Word-for-word transcription needed. Include every entry below but no pictures.

■ **Stored entries**:
---*---
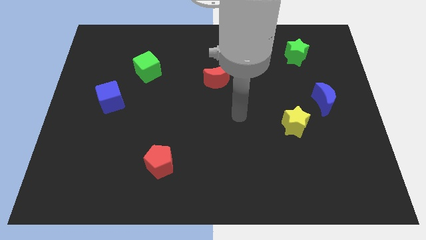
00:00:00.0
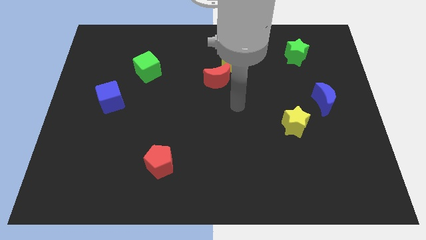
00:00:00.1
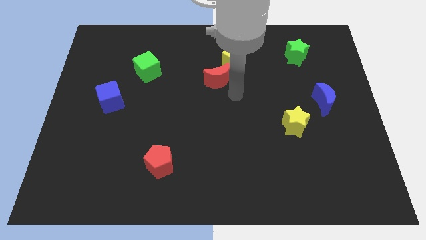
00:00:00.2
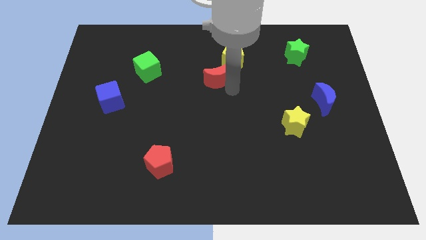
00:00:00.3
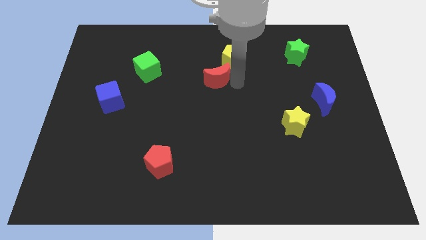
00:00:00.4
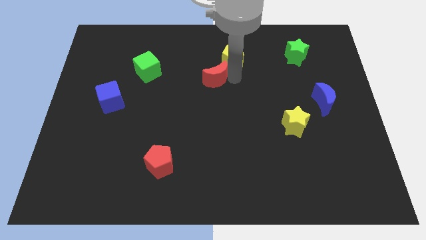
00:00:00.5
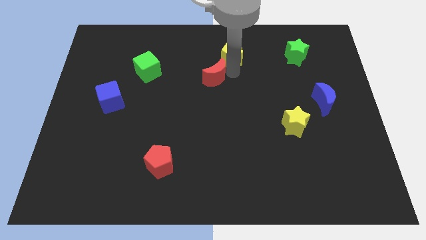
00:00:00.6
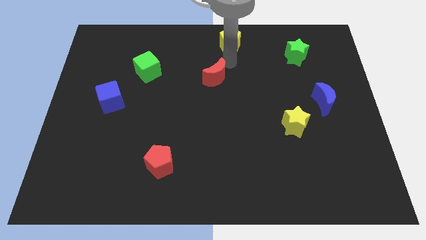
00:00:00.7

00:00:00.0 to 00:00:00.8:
separate the red moon from the yellow pentagon
---*---
■ **REPLY TO THE EXERCISE**:
00:00:00.0
00:00:00.1
00:00:00.2
00:00:00.3
00:00:00.4
00:00:00.5
00:00:00.6
00:00:00.7

00:00:00.0 to 00:00:00.8:
separate the red moon from the yellow pentagon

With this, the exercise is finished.